Her Ma was sitting primly upright, with Frank and Wilf stiffly flanking her like matching book-ends. Pa stood glowering by the fireplace, swaying more than slightly, and standing near the front door was John Travis. On the table was an opened brown paper parcel, in which there was a serge working shirt and a pair of neatly pressed trousers. Pa rounded on Carrie at once, slurring his words in the slow, loud deliberation of the very drunk.
‘I’d like to know just how long my daughter has been in the habit of inviting strangers into the house, and offering him her brother’s clothes to wear. Do we have a harlot in the house now, and are we going to have to hang a red light in the window for all to see?’
Carrie gasped at the unfairness of it all, and cringed even more at the shock on John Travis’s face. He must have thought he’d come into a mad-house to hear a man speak to his daughter in such a way.
‘Sir, I assure you it wasn’t like that at all, and your daughter behaved with the utmost propriety,’ John began, but Sam waved his aside, looking dangerously near to falling over until he clung to the
mantelpiece once more.
‘I’d like to hear my daughter’s side of it, if you don’t mind, sir,’ he replied. ‘Well, girl? How long have you known this man, and what does he mean to you?’
Carrie was so humiliated, she could hardly breathe. She would dearly have loved to say he was everything to her — or could be, given the chance. But she doubted that such a chance would ever come now. Her dream was all spoiled, and John would be regretting the day he’d ever set eyes on her.

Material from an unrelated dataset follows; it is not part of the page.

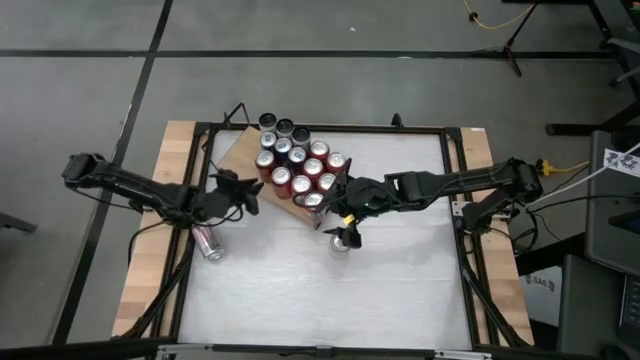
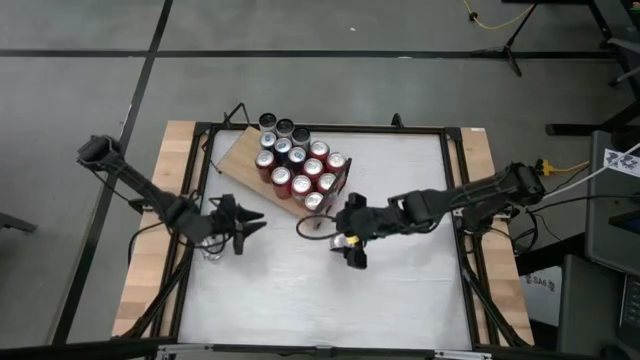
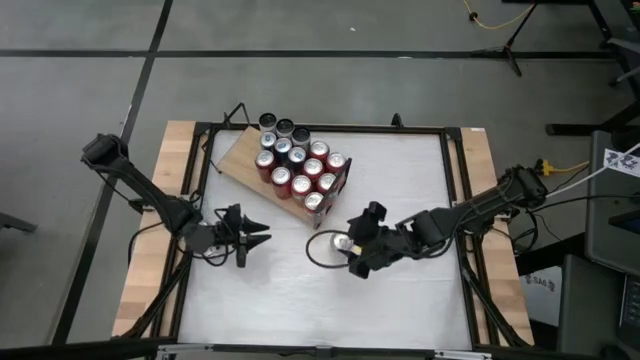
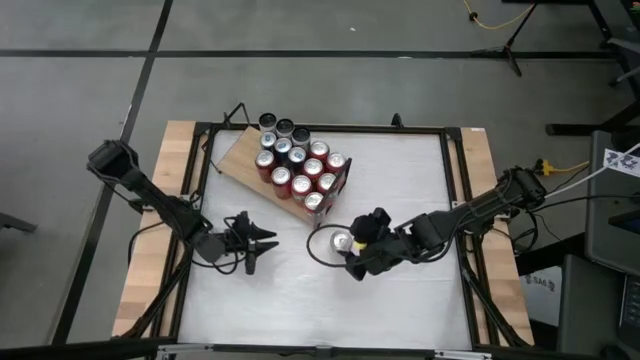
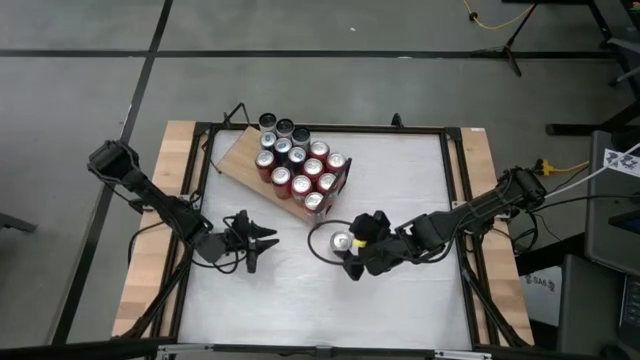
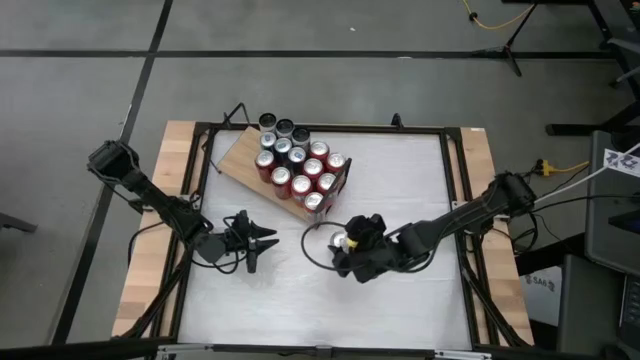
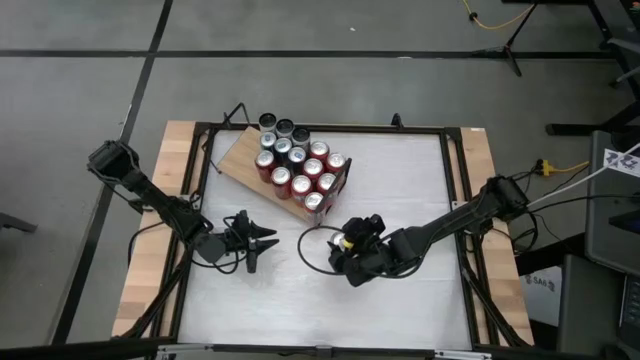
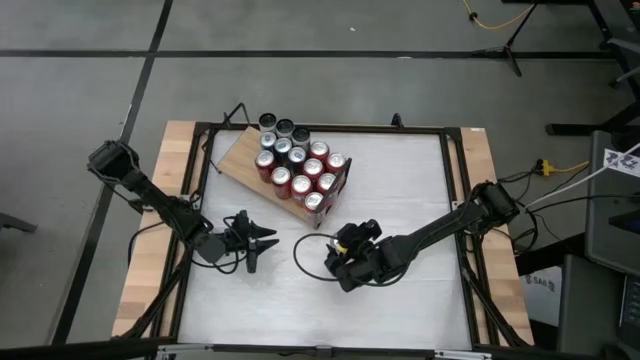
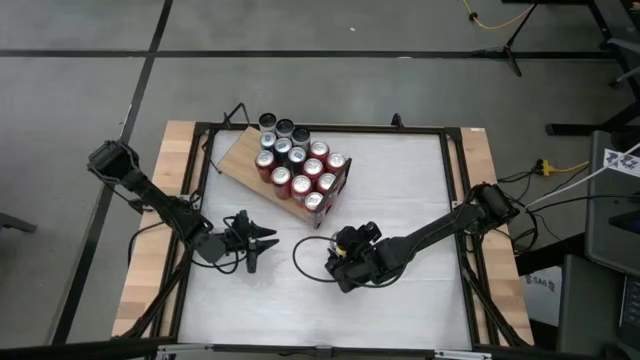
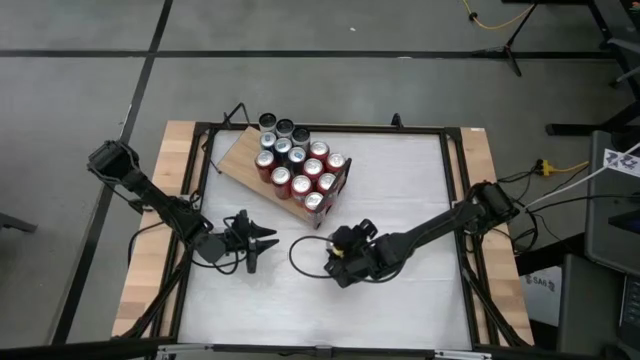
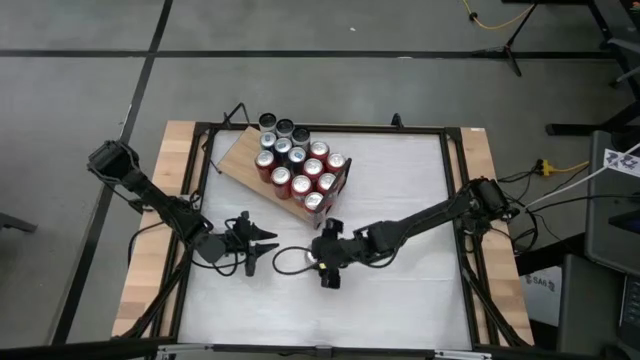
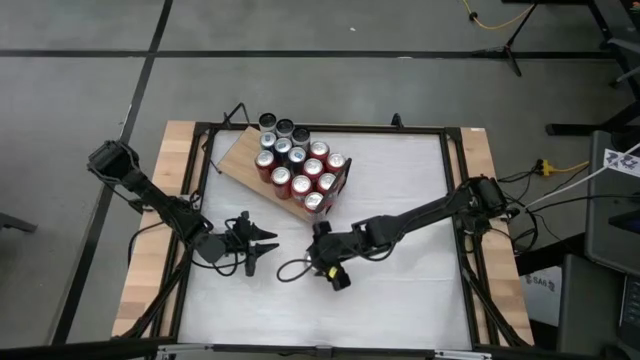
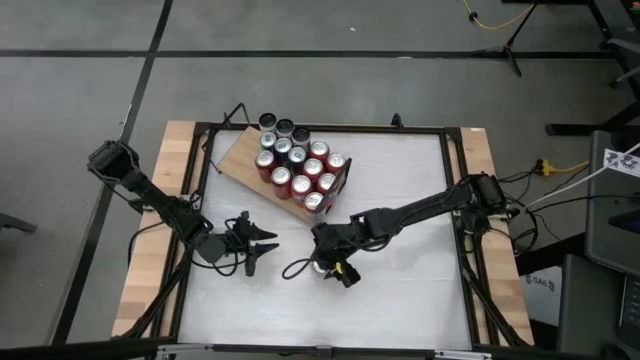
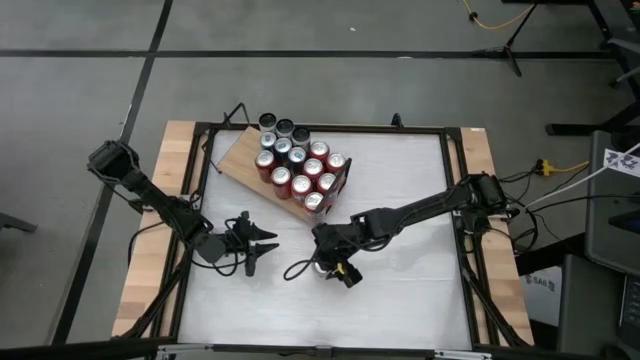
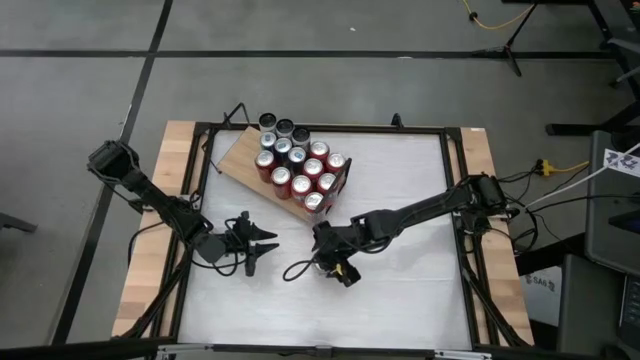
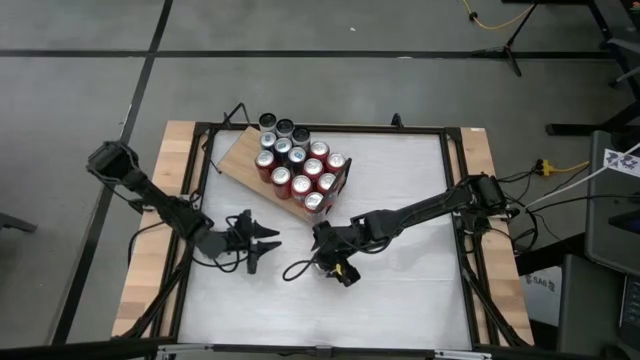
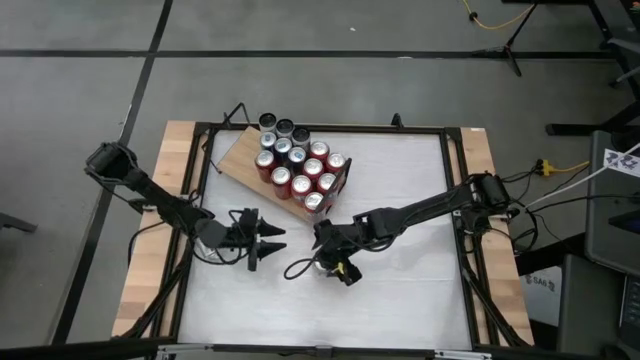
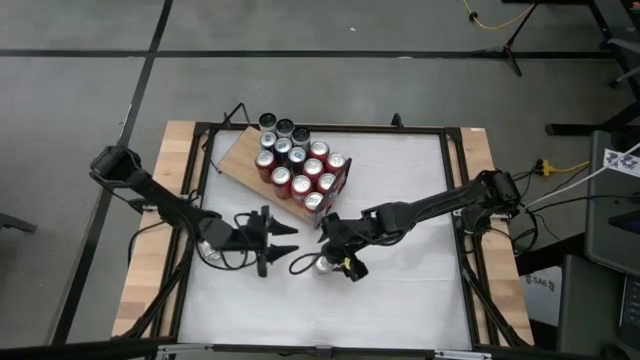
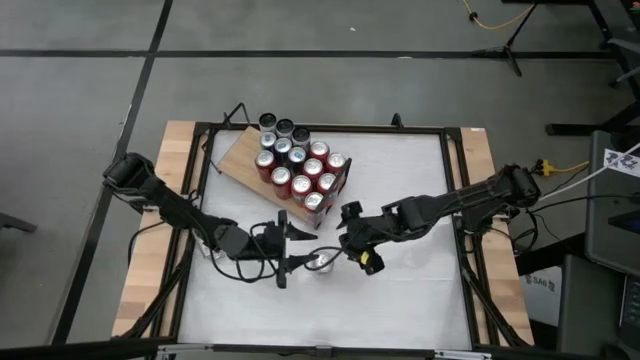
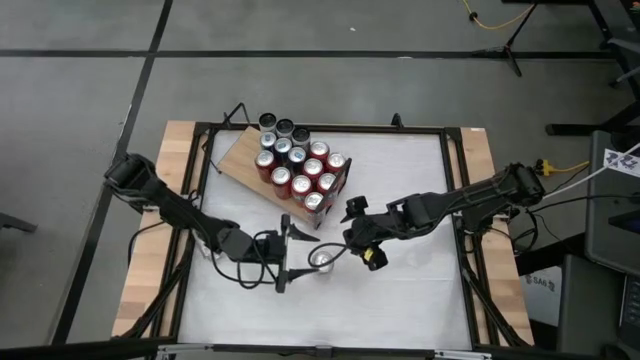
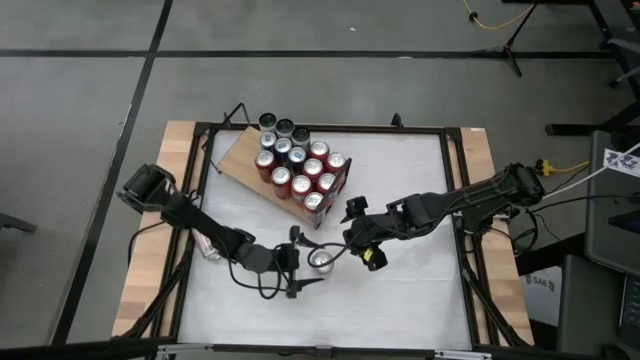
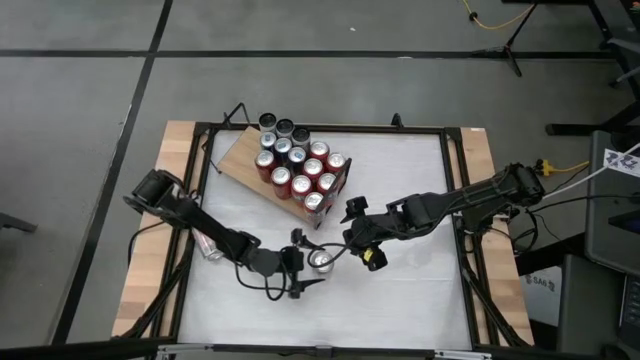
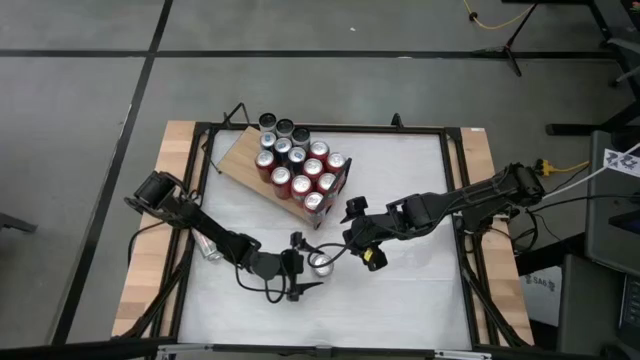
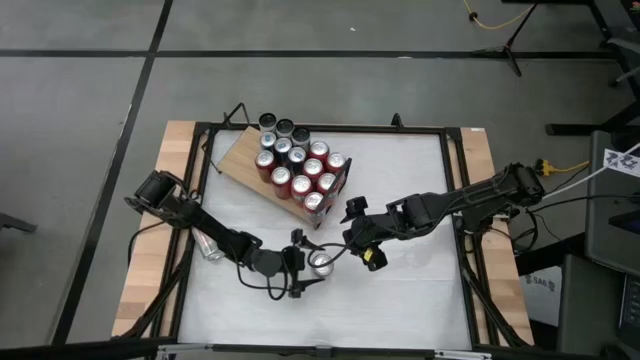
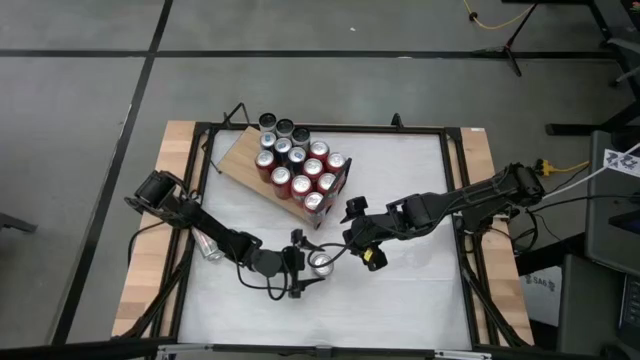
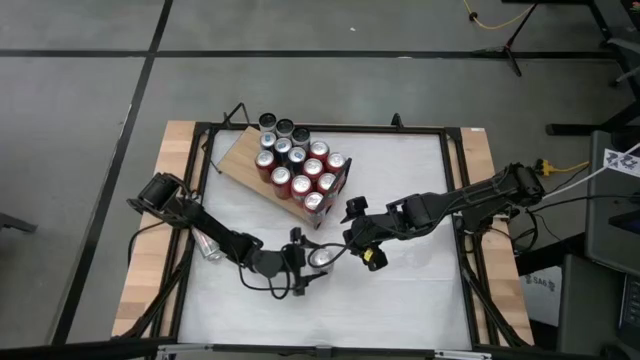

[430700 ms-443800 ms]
Task: Pick and place cans onto a shelf
Put the right red/silver soda can on the shelf

‘It was my fault!’ Billy suddenly said shrilly. ‘It wasn’t our Carrie’s fault, and she’s not a harlot. What’s a harlot, Ma? Anyway, she’s not, and if I hadn’t fallen in the river —’
‘You did what?’ Pa turned on his son now, his furious eyes daring him to tell any lies. Billy cowered, but he clung to Carrie’s skirt for security, and began to sob.
‘It was my fault. It was when the ship got launched. I fell in the river, and the man jumped in and fished me out. We were all wet, and he had to get back on his boat with the people, and Carrie said there was some of Wilf’s old clobber here that he could wear. We came back home, me and Carrie and Elsie and the man. It weren’t her fault, Pa! It was mine.’
He buried his face in Carrie’s skirt, and Wilf spoke up harshly.
‘I heard something about a child being rescued from the river, but nobody knew the name of the boatman involved, and he refused to be interviewed.’ He turned to John Travis in some disbelief. ‘Are you saying that was you and our Billy?’
John gave a brief nod. ‘I’m afraid it was. It might have been better if we’d come clean from the beginning, Carrie,’ he said, trying to lighten the atmosphere. Then they heard Ma give a choking sob as she realised the implications of what he was saying.
‘Then we owe you our Billy’s life,’ she gasped. ‘And there’s no way we can ever repay you for that.’
In the silence that followed, John spoke evenly.
‘There’s one way,’ he said. ‘You can allow me to walk out with your daughter.’